**Problem details**
Skip the pictures and return every entry exactly as written.

**Records to process**

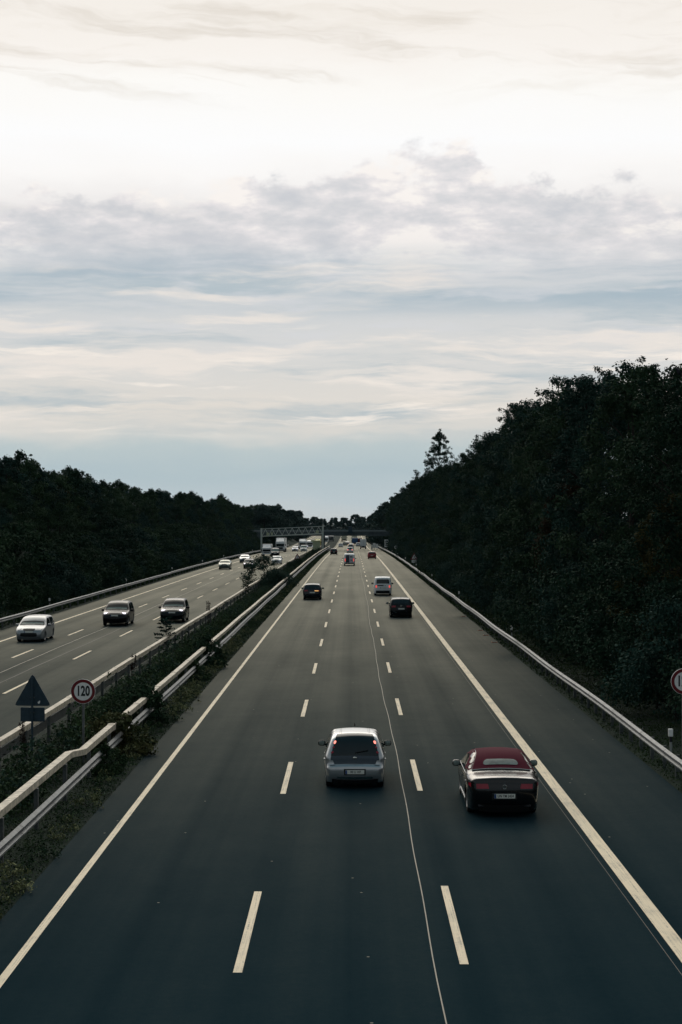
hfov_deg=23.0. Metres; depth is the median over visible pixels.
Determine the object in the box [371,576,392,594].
van
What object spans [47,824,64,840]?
weed
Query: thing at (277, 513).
tree
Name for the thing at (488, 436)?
tree
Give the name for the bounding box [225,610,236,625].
weed
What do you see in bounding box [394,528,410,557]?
shrub
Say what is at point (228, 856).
road
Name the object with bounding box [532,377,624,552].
tree
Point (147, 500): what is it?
tree
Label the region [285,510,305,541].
tree
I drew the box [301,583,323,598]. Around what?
car
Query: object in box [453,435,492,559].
tree
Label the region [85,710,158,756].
bush
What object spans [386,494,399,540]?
tree
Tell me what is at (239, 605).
weed
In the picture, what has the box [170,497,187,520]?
tree
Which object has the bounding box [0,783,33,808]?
weed
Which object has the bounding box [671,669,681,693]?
speed limit sign
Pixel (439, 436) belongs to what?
tree
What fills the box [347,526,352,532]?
bridge sign
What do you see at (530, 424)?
tree
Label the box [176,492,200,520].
tree
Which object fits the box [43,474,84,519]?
tree
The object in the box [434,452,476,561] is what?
tree
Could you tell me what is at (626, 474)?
tree
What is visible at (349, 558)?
van
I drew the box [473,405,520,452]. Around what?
tree
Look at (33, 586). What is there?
shrub
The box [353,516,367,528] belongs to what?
tree
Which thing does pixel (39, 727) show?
guardrail
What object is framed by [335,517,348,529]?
tree
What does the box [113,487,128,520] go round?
tree
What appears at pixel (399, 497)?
tree
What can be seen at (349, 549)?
car
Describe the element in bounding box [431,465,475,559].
tree
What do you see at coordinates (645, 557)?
tree
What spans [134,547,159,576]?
shrub
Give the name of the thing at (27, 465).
tree
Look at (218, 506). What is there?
tree
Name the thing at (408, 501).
tree
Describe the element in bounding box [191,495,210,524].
tree
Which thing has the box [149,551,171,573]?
shrub
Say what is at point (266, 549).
lorry
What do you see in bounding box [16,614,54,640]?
car
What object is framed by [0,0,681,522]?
sky
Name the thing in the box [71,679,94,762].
speed limit sign
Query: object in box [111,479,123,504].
tree
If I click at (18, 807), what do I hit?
weed
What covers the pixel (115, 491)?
tree
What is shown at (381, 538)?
tree
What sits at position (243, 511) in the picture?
tree
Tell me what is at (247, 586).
sapling
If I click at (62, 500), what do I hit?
tree
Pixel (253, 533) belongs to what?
shrub
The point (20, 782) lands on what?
weed
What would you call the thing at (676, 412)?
tree
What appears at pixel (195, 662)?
bush
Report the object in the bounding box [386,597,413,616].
car
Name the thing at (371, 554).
car
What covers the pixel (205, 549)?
shrub
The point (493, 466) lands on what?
tree
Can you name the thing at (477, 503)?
tree
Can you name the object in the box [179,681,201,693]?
weed
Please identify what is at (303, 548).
van
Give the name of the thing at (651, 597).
shrub
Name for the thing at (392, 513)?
tree
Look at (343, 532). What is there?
road bridge
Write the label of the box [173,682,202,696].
weed
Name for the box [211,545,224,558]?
shrub
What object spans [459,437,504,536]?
tree
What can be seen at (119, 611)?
car
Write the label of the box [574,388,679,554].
tree
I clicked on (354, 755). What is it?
car
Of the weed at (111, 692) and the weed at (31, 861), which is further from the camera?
the weed at (111, 692)
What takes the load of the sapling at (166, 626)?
on the ground at (648, 714)
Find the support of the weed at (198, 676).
on the ground at (648, 714)
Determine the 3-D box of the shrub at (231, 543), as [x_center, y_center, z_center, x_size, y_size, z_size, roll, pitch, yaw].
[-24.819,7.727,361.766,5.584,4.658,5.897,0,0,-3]
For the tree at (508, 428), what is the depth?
187.03 m
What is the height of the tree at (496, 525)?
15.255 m
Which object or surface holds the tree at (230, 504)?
on the ground at (648, 714)
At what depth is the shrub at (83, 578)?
160.31 m
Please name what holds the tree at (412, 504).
on the ground at (648, 714)
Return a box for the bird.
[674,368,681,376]
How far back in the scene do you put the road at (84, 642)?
106.80 m
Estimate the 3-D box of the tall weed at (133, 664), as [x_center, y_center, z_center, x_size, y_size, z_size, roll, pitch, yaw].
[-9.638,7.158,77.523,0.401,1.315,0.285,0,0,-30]
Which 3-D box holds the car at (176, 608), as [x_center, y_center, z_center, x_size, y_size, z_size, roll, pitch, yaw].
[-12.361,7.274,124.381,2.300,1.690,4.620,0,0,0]
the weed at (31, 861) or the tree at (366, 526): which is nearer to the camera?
the weed at (31, 861)
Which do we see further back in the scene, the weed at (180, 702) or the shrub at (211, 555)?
the shrub at (211, 555)
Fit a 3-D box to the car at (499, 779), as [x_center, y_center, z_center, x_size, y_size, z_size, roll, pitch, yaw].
[4.079,6.904,43.894,2.259,1.446,4.844,0,0,0]
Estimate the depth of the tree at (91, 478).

**Result of this exercise**
hfov_deg=23.0. Metres; depth is the median over visible pixels.
Determine the object in the box [371,576,392,594].
van
What object spans [47,824,64,840]?
weed
Query: thing at (277, 513).
tree
Name for the thing at (488, 436)?
tree
Give the name for the bounding box [225,610,236,625].
weed
What do you see in bounding box [394,528,410,557]?
shrub
Say what is at point (228, 856).
road
Name the object with bounding box [532,377,624,552].
tree
Point (147, 500): what is it?
tree
Label the region [285,510,305,541].
tree
I drew the box [301,583,323,598]. Around what?
car
Query: object in box [453,435,492,559].
tree
Label the region [85,710,158,756].
bush
What object spans [386,494,399,540]?
tree
Tell me what is at (239, 605).
weed
In the picture, what has the box [170,497,187,520]?
tree
Which object has the bounding box [0,783,33,808]?
weed
Which object has the bounding box [671,669,681,693]?
speed limit sign
Pixel (439, 436) belongs to what?
tree
What fills the box [347,526,352,532]?
bridge sign
What do you see at (530, 424)?
tree
Label the box [176,492,200,520].
tree
Which object fits the box [43,474,84,519]?
tree
The object in the box [434,452,476,561] is what?
tree
Could you tell me what is at (626, 474)?
tree
What is visible at (349, 558)?
van
I drew the box [473,405,520,452]. Around what?
tree
Look at (33, 586). What is there?
shrub
The box [353,516,367,528] belongs to what?
tree
Which thing does pixel (39, 727) show?
guardrail
What object is framed by [335,517,348,529]?
tree
What does the box [113,487,128,520] go round?
tree
What appears at pixel (399, 497)?
tree
What can be seen at (349, 549)?
car
Describe the element in bounding box [431,465,475,559].
tree
What do you see at coordinates (645, 557)?
tree
What spans [134,547,159,576]?
shrub
Give the name of the thing at (27, 465).
tree
Look at (218, 506). What is there?
tree
Name the thing at (408, 501).
tree
Describe the element in bounding box [191,495,210,524].
tree
Which thing has the box [149,551,171,573]?
shrub
Say what is at point (266, 549).
lorry
What do you see in bounding box [16,614,54,640]?
car
What object is framed by [0,0,681,522]?
sky
Name the thing in the box [71,679,94,762].
speed limit sign
Query: object in box [111,479,123,504].
tree
If I click at (18, 807), what do I hit?
weed
What covers the pixel (115, 491)?
tree
What is shown at (381, 538)?
tree
What sits at position (243, 511) in the picture?
tree
Tell me what is at (247, 586).
sapling
If I click at (62, 500), what do I hit?
tree
Pixel (253, 533) belongs to what?
shrub
The point (20, 782) lands on what?
weed
What would you call the thing at (676, 412)?
tree
What appears at pixel (195, 662)?
bush
Report the object in the bounding box [386,597,413,616].
car
Name the thing at (371, 554).
car
What covers the pixel (205, 549)?
shrub
The point (493, 466) lands on what?
tree
Can you name the thing at (477, 503)?
tree
Can you name the object in the box [179,681,201,693]?
weed
Please identify what is at (303, 548).
van
Give the name of the thing at (651, 597).
shrub
Name for the thing at (392, 513)?
tree
Look at (343, 532). What is there?
road bridge
Write the label of the box [173,682,202,696].
weed
Name for the box [211,545,224,558]?
shrub
What object spans [459,437,504,536]?
tree
What can be seen at (119, 611)?
car
Write the label of the box [574,388,679,554].
tree
I clicked on (354, 755). What is it?
car
Of the weed at (111, 692) and the weed at (31, 861), which is further from the camera?
the weed at (111, 692)
What takes the load of the sapling at (166, 626)?
on the ground at (648, 714)
Find the support of the weed at (198, 676).
on the ground at (648, 714)
Determine the 3-D box of the shrub at (231, 543), as [x_center, y_center, z_center, x_size, y_size, z_size, roll, pitch, yaw].
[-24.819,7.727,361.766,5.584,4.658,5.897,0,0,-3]
For the tree at (508, 428), what is the depth?
187.03 m
What is the height of the tree at (496, 525)?
15.255 m
Which object or surface holds the tree at (230, 504)?
on the ground at (648, 714)
At what depth is the shrub at (83, 578)?
160.31 m
Please name what holds the tree at (412, 504).
on the ground at (648, 714)
Return a box for the bird.
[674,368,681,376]
How far back in the scene do you put the road at (84, 642)?
106.80 m
Estimate the 3-D box of the tall weed at (133, 664), as [x_center, y_center, z_center, x_size, y_size, z_size, roll, pitch, yaw].
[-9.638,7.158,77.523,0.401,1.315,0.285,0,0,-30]
Which 3-D box holds the car at (176, 608), as [x_center, y_center, z_center, x_size, y_size, z_size, roll, pitch, yaw].
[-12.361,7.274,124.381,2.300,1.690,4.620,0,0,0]
the weed at (31, 861) or the tree at (366, 526): which is nearer to the camera?
the weed at (31, 861)
Which do we see further back in the scene, the weed at (180, 702) or the shrub at (211, 555)?
the shrub at (211, 555)
Fit a 3-D box to the car at (499, 779), as [x_center, y_center, z_center, x_size, y_size, z_size, roll, pitch, yaw].
[4.079,6.904,43.894,2.259,1.446,4.844,0,0,0]
Estimate the depth of the tree at (91, 478).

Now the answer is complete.